One things seems certain – the see-saw on energy & climate policy is set to continue, to the detriment of all.
Opening up NEM-Review to trend over time, we see that (for NSW, and across the whole-NEM) the instantaneous “winter week-day evening peak” demand levels shown above are almost perfectly at the “average” level seen in the chart below.
The other regions are not shown as they are smaller.
As noted previously, there are a number of reasons why scheduled demand is declining:
(a) We first put this list of factors together in 2011; and
(b) Hugh Saddler then published this deeper analysis at the end of 2013.
Using the same filtering, but looking at NSW prices, the following chart is also informative:
Note how volatility in winter evenings has been crushed since 2011, and average prices stepped down markedly after the drought year of 2007 and have been (largely) declining since then.

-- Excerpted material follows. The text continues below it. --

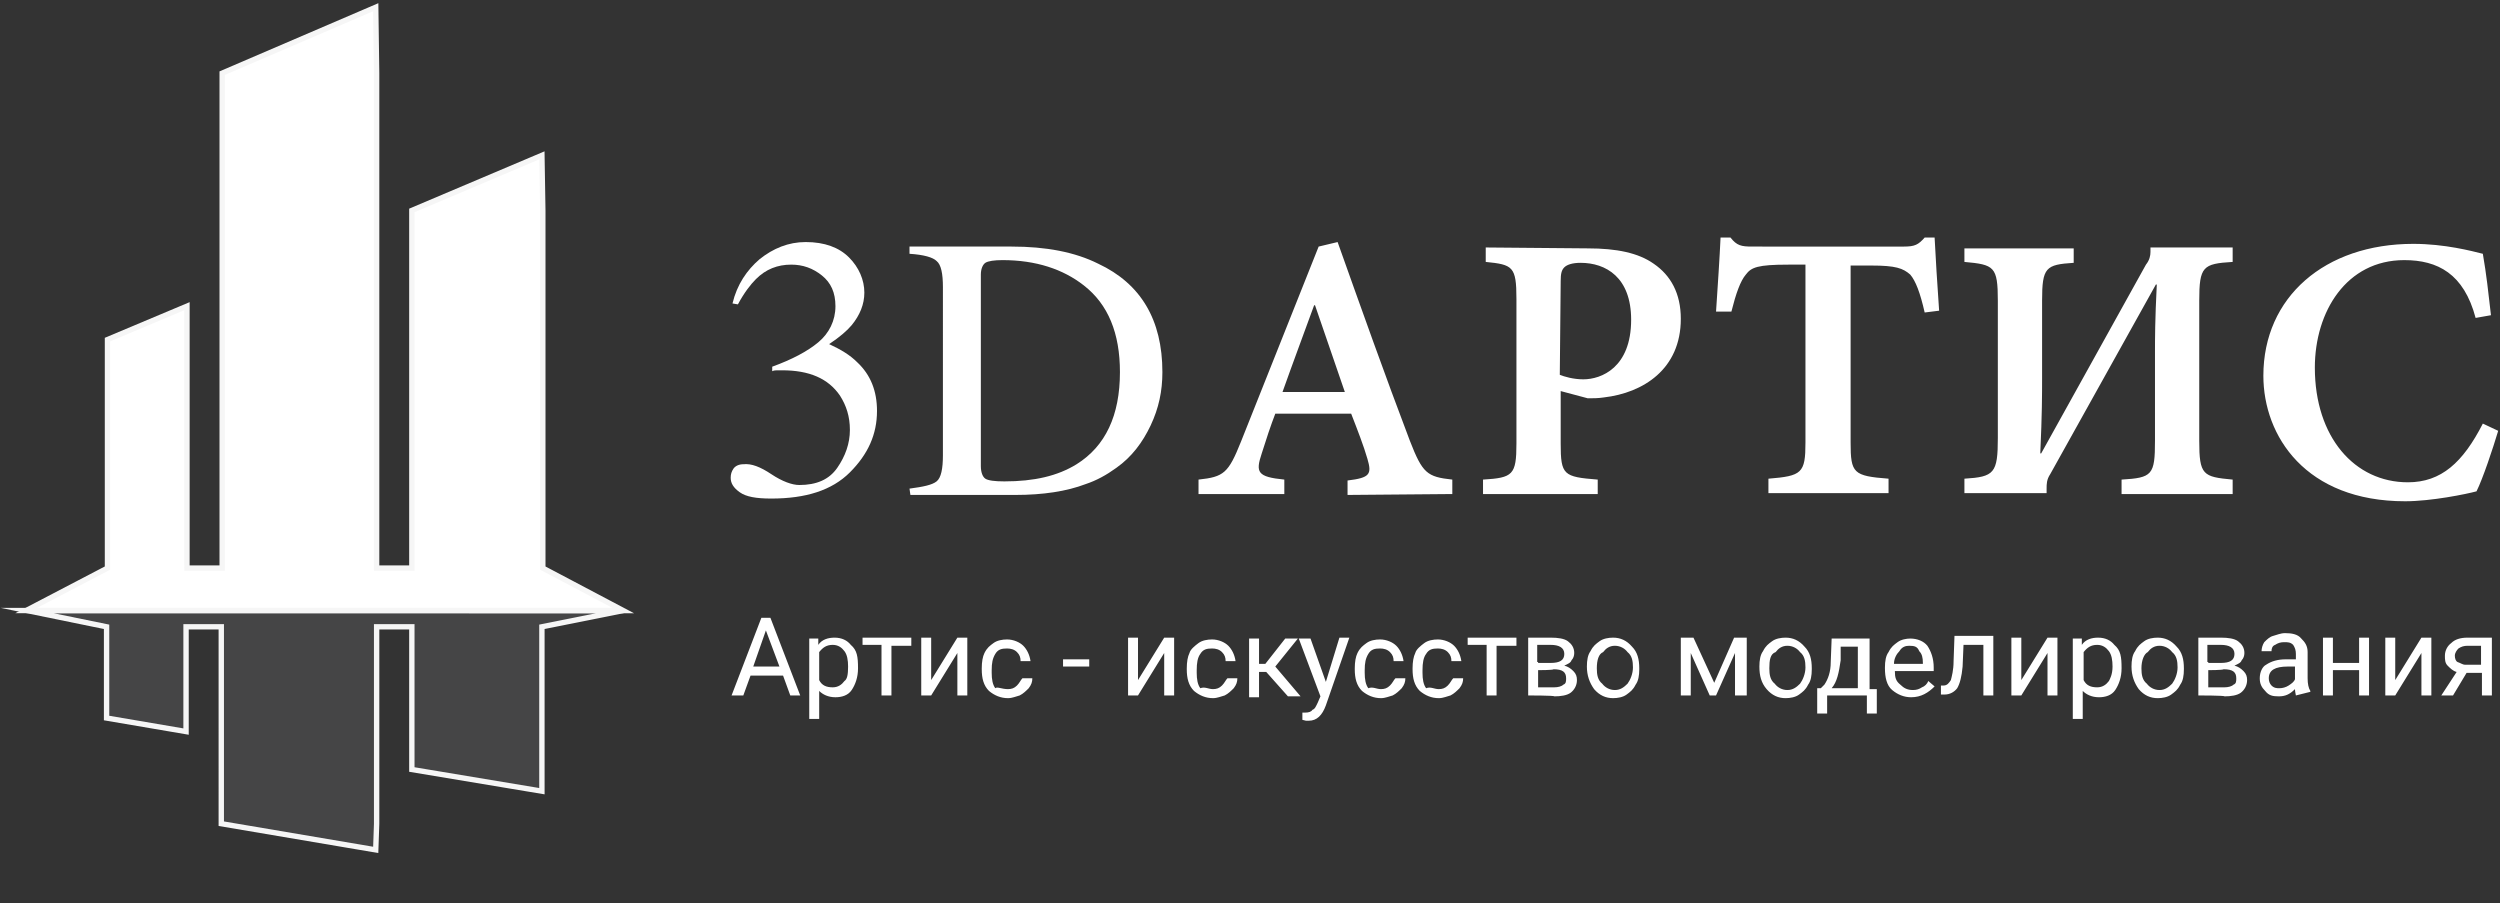 <svg xmlns="http://www.w3.org/2000/svg" xmlns:xlink="http://www.w3.org/1999/xlink" id="&#x421;&#x43B;&#x43E;&#x439;_1" x="0px" y="0px" viewBox="0 0 276.8 100" style="enable-background:new 0 0 276.8 100;" xml:space="preserve"><rect x="0" y="0" width="276.8" height="100" fill="#333333" stroke="none"/><style type="text/css">	.st0{fill:#FFFFFF;stroke:#F6F6F6;stroke-width:0.594;stroke-miterlimit:10;}	.st1{opacity:0.1;fill:#EEEFF0;enable-background:new    ;}	.st2{fill:none;stroke:#F6F6F6;stroke-width:0.594;stroke-miterlimit:10;}	.st3{fill:#FFFFFF;}</style><path class="st0" d="M60.1,62.9V23.3L60,17.2l-14.4,6.1v39.6h-3.9V8.1l-0.1-7.3l-17,7.3v54.8h-3.9V37.6v-3.7l-8.8,3.7v25.3l-9,4.7  H69L60.1,62.9z"></path><path class="st1" d="M69,67.6H3l9,1.8v10.1l8.8,1.5v-1.5V69.4h3.9v21.8l17.1,2.9l0.1-2.9V69.4h3.9v15.8L60,87.6l0.1-2.4V69.4  L69,67.6z"></path><path class="st2" d="M3,67.6h66l-9,1.8v15.8v2.4l-14.4-2.4V69.4h-3.9v21.8l-0.1,2.9l-17.1-2.9V69.4h-3.9v10.1V81l-8.8-1.5V69.4  L3,67.6z M3,67.6L3,67.6"></path><path class="st3" d="M160.8,54.7v-1.6c-2.8-0.3-3.3-0.7-4.7-4.3c-2.7-7.1-5.4-14.7-8-22l-2.1,0.5l-8.6,21.6  c-1.4,3.5-1.9,3.9-4.7,4.2v1.6h9.5v-1.6c-3-0.3-3.2-0.8-2.5-2.9c0.5-1.6,1-3.1,1.5-4.4h8.4c0.7,1.8,1.4,3.6,1.8,5  c0.5,1.7,0.3,2.1-2.2,2.4v1.6L160.8,54.7L160.8,54.7z M148.9,43.4H142c1.1-3.1,2.3-6.3,3.5-9.6h0.1L148.9,43.4z M164.5,27.4V29  c3,0.3,3.4,0.5,3.4,4.1v16c0,3.5-0.4,3.8-3.7,4v1.6h12.7v-1.6c-3.8-0.3-4.1-0.5-4.1-4v-5.8l3,0.8c0.5,0,1.2,0,1.8-0.1  c4.3-0.5,8.5-3.1,8.5-8.7c0-2.8-1.1-4.8-3-6.1c-1.7-1.2-4.1-1.7-7.3-1.7L164.5,27.4L164.5,27.4z M172.8,31.1c0-0.8,0.1-1.2,0.4-1.5  c0.3-0.3,0.9-0.5,1.8-0.5c2.8,0,5.6,1.6,5.6,6.3c0,5.3-3.3,6.6-5.3,6.6c-1.1,0-2.1-0.3-2.6-0.5L172.8,31.1L172.8,31.1z M214.7,34.4  c-0.2-2.7-0.4-6.2-0.5-8.1h-1.1c-0.7,0.8-1.1,1-2.3,1H194c-1.2,0-1.7-0.1-2.4-1h-1.1c-0.1,2.2-0.3,5.2-0.5,8.2h1.7  c0.5-2,1-3.4,1.6-4.1c0.6-0.8,1.3-1.1,4.7-1.1h1.9V49c0,3.4-0.4,3.7-4.1,4v1.6h13.3V53c-3.9-0.3-4.2-0.6-4.2-4V29.4h2.3  c2.7,0,3.5,0.3,4.3,1c0.6,0.7,1.1,2,1.6,4.2L214.7,34.4z M247.2,54.7v-1.6c-3.3-0.3-3.7-0.5-3.7-4.3V33.3c0-3.8,0.4-4.1,3.7-4.3  v-1.6h-9.1v0.5c0,0.4-0.1,0.9-0.5,1.4L226,50.2h-0.1c0.2-4.4,0.2-6.5,0.2-8.3v-8.6c0-3.7,0.4-4,3.5-4.2v-1.6h-12.1V29  c3.3,0.3,3.7,0.5,3.7,4.3v15.2c0,3.9-0.4,4.3-3.7,4.5v1.6h9.1v-0.5c0-0.5,0-1,0.4-1.6l11.7-21h0.1c-0.2,4-0.2,6-0.2,7.5v9.8  c0,3.8-0.3,4.1-3.7,4.3v1.6C234.9,54.7,247.2,54.7,247.2,54.7z M274.9,46.9c-2.2,4.3-4.6,6.5-8.3,6.5c-5.9,0-10.3-5-10.3-12.7  c0-6.2,3.5-11.9,9.9-11.9c3.7,0,6.6,1.5,7.9,6.4l1.7-0.3c-0.3-2.6-0.5-4.5-0.9-6.8c-1.2-0.3-4.2-1.1-7.7-1.1  c-9.8,0-16.6,5.9-16.6,14.6c0,6.7,4.7,13.9,15.7,13.9c2.9,0,6.8-0.8,7.9-1.1c0.7-1.4,1.8-4.7,2.4-6.7L274.9,46.9z"></path><path class="st3" d="M86.7,74.8h-3.6L82.3,77H81l3.3-8.6h1l3.3,8.6h-1.1L86.7,74.8z M83.4,73.8h2.9l-1.5-4L83.4,73.8z M95,74  c0,1-0.3,1.8-0.7,2.4c-0.4,0.6-1.1,0.8-1.8,0.8c-0.8,0-1.4-0.3-1.8-0.7v3.1h-1.1v-8.9h1v0.7c0.4-0.6,1.1-0.8,1.8-0.8  c0.8,0,1.4,0.3,1.8,0.8C94.9,72,95,72.7,95,74L95,74z M93.9,73.8c0-0.7-0.1-1.3-0.4-1.7c-0.3-0.4-0.7-0.7-1.3-0.7  c-0.7,0-1.1,0.3-1.5,0.8v3.1c0.3,0.6,0.8,0.8,1.5,0.8c0.6,0,1-0.3,1.3-0.7C93.8,75.2,93.9,74.7,93.9,73.8z M100.9,71.5h-2.2V77h-1.1  v-5.6h-2.1v-0.8h5.4L100.9,71.5L100.9,71.5z M106,70.6h1.1V77H106v-4.7l-2.9,4.7H102v-6.4h1.1v4.7L106,70.6z M111.6,76.3  c0.4,0,0.7-0.1,1-0.4s0.4-0.6,0.6-0.8h1.1c0,0.4-0.1,0.7-0.4,1.1c-0.3,0.3-0.6,0.6-1,0.8c-0.4,0.1-0.8,0.3-1.3,0.3  c-0.8,0-1.5-0.3-2.1-0.8c-0.6-0.6-0.8-1.4-0.8-2.4V74c0-0.7,0.1-1.3,0.3-1.7c0.3-0.6,0.6-0.8,1-1.1s1-0.4,1.5-0.4  c0.7,0,1.4,0.3,1.8,0.7c0.4,0.4,0.7,1,0.8,1.7h-1.1c0-0.4-0.1-0.7-0.4-1c-0.3-0.3-0.7-0.4-1.1-0.4c-0.6,0-1,0.1-1.3,0.6  s-0.4,1-0.4,1.8v0.3c0,0.7,0.1,1.3,0.4,1.7C110.4,76,110.9,76.3,111.6,76.3z M120.6,73.8h-2.9V73h2.9V73.8z M128.9,70.6h1.1V77h-1.1  v-4.7L126,77h-1.1v-6.4h1.1v4.7L128.9,70.6z M134.3,76.3c0.4,0,0.7-0.1,1-0.4c0.3-0.3,0.4-0.6,0.6-0.8h1.1c0,0.4-0.1,0.7-0.4,1.1  c-0.3,0.3-0.6,0.6-1,0.8c-0.4,0.1-0.8,0.3-1.3,0.3c-0.8,0-1.5-0.3-2.1-0.8c-0.6-0.6-0.8-1.4-0.8-2.4V74c0-0.7,0.1-1.3,0.3-1.7  c0.1-0.4,0.6-0.8,1-1.1c0.4-0.3,1-0.4,1.5-0.4c0.7,0,1.4,0.3,1.8,0.7c0.4,0.4,0.7,1,0.8,1.7h-1.1c0-0.4-0.1-0.7-0.4-1  c-0.3-0.3-0.7-0.4-1.1-0.4c-0.6,0-1,0.1-1.3,0.6c-0.3,0.4-0.4,1-0.4,1.8v0.3c0,0.7,0.1,1.3,0.4,1.7C133.4,76,133.8,76.3,134.3,76.3z   M140.2,74.4h-0.8v2.8h-1.1v-6.5h1.1v2.8h0.7l2.2-2.8h1.4l-2.5,3.1l2.8,3.3h-1.4L140.2,74.4z M146.8,75.5l1.5-4.9h1.1l-2.6,7.5  c-0.4,1.1-1,1.7-1.9,1.7h-0.3l-0.4-0.1v-0.8h0.3c0.4,0,0.7-0.1,0.8-0.3c0.3-0.1,0.4-0.4,0.6-0.8l0.3-0.7l-2.4-6.4h1.3L146.8,75.5z   M152.9,76.3c0.4,0,0.7-0.1,1-0.4c0.3-0.3,0.4-0.6,0.6-0.8h1.1c0,0.4-0.1,0.7-0.4,1.1c-0.3,0.3-0.6,0.6-1,0.8  c-0.4,0.1-0.8,0.3-1.3,0.3c-0.8,0-1.5-0.3-2.1-0.8c-0.6-0.6-0.8-1.4-0.8-2.4V74c0-0.7,0.1-1.3,0.3-1.7c0.3-0.6,0.6-0.8,1-1.1  s1-0.4,1.5-0.4c0.7,0,1.4,0.3,1.8,0.7c0.4,0.4,0.7,1,0.8,1.7h-1.1c0-0.4-0.1-0.7-0.4-1c-0.3-0.3-0.7-0.4-1.1-0.4  c-0.6,0-1,0.1-1.3,0.6s-0.4,1-0.4,1.8v0.3c0,0.7,0.1,1.3,0.4,1.7C152,76,152.4,76.3,152.9,76.3z M159.3,76.3c0.4,0,0.7-0.1,1-0.4  c0.3-0.3,0.4-0.6,0.6-0.8h1.1c0,0.4-0.1,0.7-0.4,1.1c-0.3,0.3-0.6,0.6-1,0.8c-0.4,0.1-0.8,0.3-1.3,0.3c-0.8,0-1.5-0.3-2.1-0.8  c-0.6-0.6-0.8-1.4-0.8-2.4V74c0-0.7,0.1-1.3,0.3-1.7c0.1-0.4,0.6-0.8,1-1.1c0.4-0.3,1-0.4,1.5-0.4c0.7,0,1.4,0.3,1.8,0.7  s0.7,1,0.8,1.7h-1.1c0-0.4-0.1-0.7-0.4-1c-0.3-0.3-0.7-0.4-1.1-0.4c-0.6,0-1,0.1-1.3,0.6c-0.3,0.4-0.4,1-0.4,1.8v0.3  c0,0.7,0.1,1.3,0.4,1.7C158.4,76,158.8,76.3,159.3,76.3z M167.9,71.5h-2.2V77h-1.1v-5.6h-2.1v-0.8h5.4L167.9,71.5L167.9,71.5z   M169.2,77v-6.4h2.5c0.8,0,1.5,0.1,1.9,0.4c0.4,0.3,0.7,0.7,0.7,1.3c0,0.3-0.1,0.6-0.3,0.8c-0.1,0.3-0.4,0.4-0.8,0.6  c0.4,0.1,0.7,0.3,1,0.6c0.3,0.3,0.4,0.6,0.4,1c0,0.6-0.3,1.1-0.7,1.4c-0.4,0.3-1.1,0.4-1.8,0.4C172.1,77,169.2,77,169.2,77z   M170.3,74.2v1.9h1.8c0.4,0,0.8-0.1,1-0.3c0.3-0.1,0.3-0.4,0.3-0.7c0-0.7-0.4-1-1.4-1C172,74.2,170.3,74.2,170.3,74.2z M170.3,73.4  h1.4c1,0,1.5-0.3,1.5-1s-0.6-1-1.5-1h-1.5v1.9H170.3z M175.7,73.8c0-0.7,0.1-1.3,0.4-1.7c0.3-0.6,0.6-0.8,1-1.1  c0.4-0.3,1-0.4,1.5-0.4c0.8,0,1.5,0.3,2.1,1c0.6,0.6,0.8,1.4,0.8,2.4v0.1c0,0.7-0.1,1.3-0.4,1.7c-0.3,0.6-0.6,0.8-1,1.1  c-0.4,0.3-1,0.4-1.5,0.4c-0.8,0-1.5-0.3-2.1-1C176,75.6,175.7,74.8,175.7,73.8L175.7,73.8z M176.8,74c0,0.7,0.1,1.3,0.6,1.7  c0.3,0.4,0.8,0.7,1.4,0.7s1-0.3,1.4-0.7c0.3-0.4,0.6-1.1,0.6-1.8c0-0.7-0.1-1.3-0.6-1.7c-0.3-0.4-0.8-0.7-1.4-0.7s-1,0.3-1.3,0.7  C177,72.4,176.8,73.1,176.8,74z M189.8,75.6l2.2-5h1.4V77h-1.3v-4.7L190,77h-0.7l-2.1-4.7V77h-1.1v-6.4h1.4L189.8,75.6z M194.8,73.8  c0-0.7,0.1-1.3,0.4-1.7c0.3-0.6,0.6-0.8,1-1.1c0.4-0.3,1-0.4,1.5-0.4c0.8,0,1.5,0.3,2.1,1c0.6,0.6,0.8,1.4,0.8,2.4v0.1  c0,0.7-0.1,1.3-0.4,1.7c-0.3,0.6-0.6,0.8-1,1.1s-1,0.4-1.5,0.4c-0.8,0-1.5-0.3-2.1-1C195,75.6,194.8,74.8,194.8,73.8L194.8,73.8z   M195.9,74c0,0.7,0.1,1.3,0.6,1.7c0.3,0.4,0.8,0.7,1.4,0.7s1-0.3,1.4-0.7c0.3-0.4,0.6-1.1,0.6-1.8c0-0.7-0.1-1.3-0.6-1.7  c-0.3-0.4-0.8-0.7-1.4-0.7s-1,0.3-1.3,0.7C196,72.4,195.9,73.1,195.9,74z M201.6,76.2l0.4-0.4c0.4-0.6,0.7-1.4,0.7-2.5l0.1-2.6h4.2  v5.6h0.8V79h-1.1V77h-4.4V79h-1.1v-2.8H201.6z M202.8,76.2h2.9v-4.6h-1.9v1.5C203.6,74.5,203.4,75.5,202.8,76.2z M211.6,77.2  c-0.8,0-1.5-0.3-2.1-0.8s-0.8-1.4-0.8-2.4v-0.1c0-0.7,0.1-1.3,0.4-1.7c0.3-0.6,0.6-0.8,1-1.1c0.4-0.3,1-0.4,1.4-0.4  c0.8,0,1.5,0.3,1.9,0.8c0.4,0.6,0.7,1.4,0.7,2.4v0.4h-4.3c0,0.7,0.1,1.1,0.6,1.5c0.4,0.4,0.8,0.6,1.4,0.6c0.4,0,0.7-0.1,1-0.3  c0.3-0.1,0.6-0.4,0.7-0.7l0.7,0.6C213.5,76.7,212.7,77.2,211.6,77.2z M211.4,71.5c-0.4,0-0.8,0.1-1.1,0.6c-0.3,0.3-0.6,0.8-0.6,1.4  h3.2v-0.1c0-0.6-0.1-1-0.4-1.3C212.3,71.6,212,71.5,211.4,71.5z M220.7,70.6V77h-1.1v-5.6h-2.2l-0.1,2.4c-0.1,1.1-0.3,1.9-0.6,2.4  c-0.3,0.4-0.8,0.7-1.4,0.7h-0.4v-1h0.3c0.4,0,0.6-0.3,0.8-0.6c0.1-0.4,0.3-1.1,0.3-2.1l0.1-2.8h4.3V70.6z M226.7,70.6h1.1V77h-1.1  v-4.7l-2.9,4.7h-1.1v-6.4h1.1v4.7L226.7,70.6z M234.9,74c0,1-0.3,1.8-0.7,2.4c-0.4,0.6-1.1,0.8-1.8,0.8c-0.8,0-1.4-0.3-1.8-0.7v3.1  h-1.1v-8.9h1v0.7c0.4-0.6,1.1-0.8,1.8-0.8c0.8,0,1.4,0.3,1.8,0.8C234.8,72,234.9,72.7,234.9,74L234.9,74z M233.9,73.8  c0-0.7-0.1-1.3-0.4-1.7c-0.3-0.4-0.7-0.7-1.3-0.7c-0.7,0-1.1,0.3-1.5,0.8v3.1c0.3,0.6,0.8,0.8,1.5,0.8c0.6,0,1-0.3,1.3-0.7  C233.6,75.2,233.9,74.7,233.9,73.8z M236,73.8c0-0.7,0.1-1.3,0.4-1.7c0.3-0.6,0.6-0.8,1-1.1c0.4-0.3,1-0.4,1.5-0.4  c0.8,0,1.5,0.3,2.1,1c0.6,0.6,0.8,1.4,0.8,2.4v0.1c0,0.7-0.1,1.3-0.4,1.7c-0.3,0.6-0.6,0.8-1,1.1c-0.4,0.3-1,0.4-1.5,0.4  c-0.8,0-1.5-0.3-2.1-1C236.3,75.6,236,74.8,236,73.8L236,73.8z M237.1,74c0,0.7,0.1,1.3,0.6,1.7c0.3,0.4,0.8,0.7,1.4,0.7  c0.6,0,1-0.3,1.4-0.7c0.3-0.4,0.6-1.1,0.6-1.8c0-0.7-0.1-1.3-0.6-1.7c-0.3-0.4-0.8-0.7-1.4-0.7c-0.6,0-1,0.3-1.3,0.7  C237.4,72.4,237.1,73.1,237.1,74z M243.4,77v-6.4h2.5c0.8,0,1.5,0.1,1.9,0.4c0.4,0.3,0.7,0.7,0.7,1.3c0,0.3-0.1,0.6-0.3,0.8  c-0.1,0.3-0.4,0.4-0.8,0.6c0.4,0.1,0.7,0.3,1,0.6c0.3,0.3,0.4,0.6,0.4,1c0,0.6-0.3,1.1-0.7,1.4c-0.4,0.3-1.1,0.4-1.8,0.4  C246.3,77,243.4,77,243.4,77z M244.5,74.2v1.9h1.8c0.4,0,0.8-0.1,1-0.3c0.3-0.1,0.3-0.4,0.3-0.7c0-0.7-0.4-1-1.4-1  C246.1,74.2,244.5,74.2,244.5,74.2z M244.5,73.4h1.4c1,0,1.5-0.3,1.5-1s-0.6-1-1.5-1h-1.5v1.9H244.5z M254.2,77  c0-0.1-0.1-0.4-0.1-0.7c-0.6,0.6-1.1,0.8-1.8,0.8s-1.1-0.1-1.5-0.6c-0.4-0.4-0.6-0.8-0.6-1.4c0-0.7,0.3-1.3,0.7-1.5  c0.6-0.4,1.3-0.6,2.2-0.6h1.1v-0.6c0-0.4-0.1-0.7-0.3-1c-0.3-0.3-0.6-0.3-1-0.3c-0.4,0-0.7,0.1-1,0.3c-0.3,0.1-0.4,0.4-0.4,0.7h-1.1  c0-0.3,0.1-0.7,0.3-1c0.3-0.3,0.6-0.6,1-0.7c0.4-0.1,0.8-0.3,1.3-0.3c0.7,0,1.4,0.1,1.8,0.6c0.4,0.4,0.7,0.8,0.7,1.5v2.9  c0,0.6,0.1,1.1,0.3,1.4v0.1L254.2,77L254.2,77z M252.4,76.2c0.3,0,0.7-0.1,1-0.3s0.6-0.4,0.7-0.7v-1.4h-0.8c-1.4,0-2.1,0.4-2.1,1.3  c0,0.3,0.1,0.6,0.3,0.8C251.8,76.2,252.1,76.2,252.4,76.2z M262.3,77h-1.1v-2.8h-2.9V77h-1.1v-6.4h1.1v2.8h2.9v-2.8h1.1V77z   M268.1,70.6h1.1V77h-1.1v-4.7l-2.9,4.7h-1.1v-6.4h1.1v4.7L268.1,70.6z M275.9,70.6V77h-1.1v-2.5h-1.7l-1.5,2.5h-1.3l1.7-2.6  c-0.4-0.1-0.7-0.4-1-0.7s-0.3-0.7-0.3-1.1c0-0.6,0.3-1.1,0.7-1.4c0.4-0.4,1-0.6,1.8-0.6C273.2,70.6,275.9,70.6,275.9,70.6z   M271.8,72.6c0,0.3,0.1,0.6,0.3,0.7c0.3,0.1,0.6,0.3,0.8,0.3h1.8v-2.1h-1.5c-0.4,0-0.7,0.1-1,0.3C272,72,271.8,72.3,271.8,72.6z"></path><g>	<path class="st3" d="M85.4,52.5c1.2,0.8,2.3,1.2,3.1,1.2c1.9,0,3.3-0.6,4.2-1.9c0.9-1.3,1.4-2.7,1.4-4.2s-0.4-2.7-1.1-3.8   c-1.3-1.9-3.4-2.8-6.4-2.8c-0.2,0-0.3,0-0.5,0s-0.4,0-0.6,0.1v-0.5c2.2-0.8,3.9-1.7,5.1-2.7s1.9-2.4,1.9-4c0-1.5-0.5-2.6-1.5-3.4   s-2.1-1.2-3.4-1.2c-1.5,0-2.8,0.5-3.9,1.6c-0.6,0.6-1.3,1.5-2,2.8l-0.6-0.1c0.5-2.1,1.6-3.7,3-4.9c1.5-1.2,3.2-1.9,5.1-1.9   c2.1,0,3.7,0.6,4.8,1.7c1.1,1.1,1.7,2.5,1.7,3.9c0,1.3-0.5,2.5-1.4,3.6c-0.5,0.6-1.3,1.3-2.5,2.1c1.3,0.6,2.3,1.2,3.1,2   c1.5,1.4,2.2,3.2,2.2,5.4c0,2.6-1,4.8-3,6.8s-4.9,2.9-8.7,2.9c-1.7,0-2.8-0.2-3.5-0.7s-1-1-1-1.6c0-0.4,0.1-0.7,0.3-1   s0.6-0.5,1.1-0.5C83.2,51.3,84.2,51.7,85.4,52.5z"></path>	<path class="st3" d="M100.7,54.1c1.5-0.2,2.5-0.4,3-0.8c0.5-0.4,0.7-1.4,0.7-2.9V31.8c0-1.5-0.2-2.5-0.7-2.9   c-0.4-0.4-1.4-0.7-3-0.8v-0.8H112c3.8,0,7,0.6,9.6,1.9c4.7,2.2,7.1,6.2,7.1,12c0,2.1-0.4,4-1.3,5.9s-2.1,3.5-3.8,4.7   c-1.1,0.8-2.2,1.4-3.4,1.8c-2.1,0.8-4.7,1.2-7.8,1.2h-11.6L100.7,54.1L100.7,54.1z M109.1,53c0.3,0.2,1,0.3,2.1,0.3   c3.3,0,5.9-0.6,8-1.9c3.2-2,4.8-5.4,4.8-10.2c0-4.3-1.3-7.5-4-9.6c-2.3-1.8-5.3-2.8-9-2.8c-0.9,0-1.6,0.1-1.9,0.3s-0.5,0.7-0.5,1.3   v21.2C108.6,52.3,108.8,52.8,109.1,53z"></path></g></svg>

Finally, with the elephant in the room (at least for some) being the variability of wind production, we use the same time-filtering and look at trended wind farm output – both NEM-wide and just for NSW:
In the heated (blinkered?) environment of the current RET Review shouting match, it seems that both sides will be able to point to the above and highlight something that proves their perspective:
1) Average production levels have consistently increased (at these filtered times) – and peak levels quite markedly. The RET, after all, is an energy (i.e. volume-based) policy.
2) Minimum production levels continue to bump around zero at the time of peak winter demand – which means that wind production contributes practically nothing to capacity requirements (another example of socialising costs whilst privatising profits with the current wholesale market structure).
To me it seems the score is = 1 for each “side” (whilst the idealistic/altruistic cause of sustainable industry policy* is left on 0?)
* See FULL DISCLOSURE 1 about how we strive to remain technology agnostic.
Be the first to comment on "Winter evening price spike – like yesteryear (not quite)"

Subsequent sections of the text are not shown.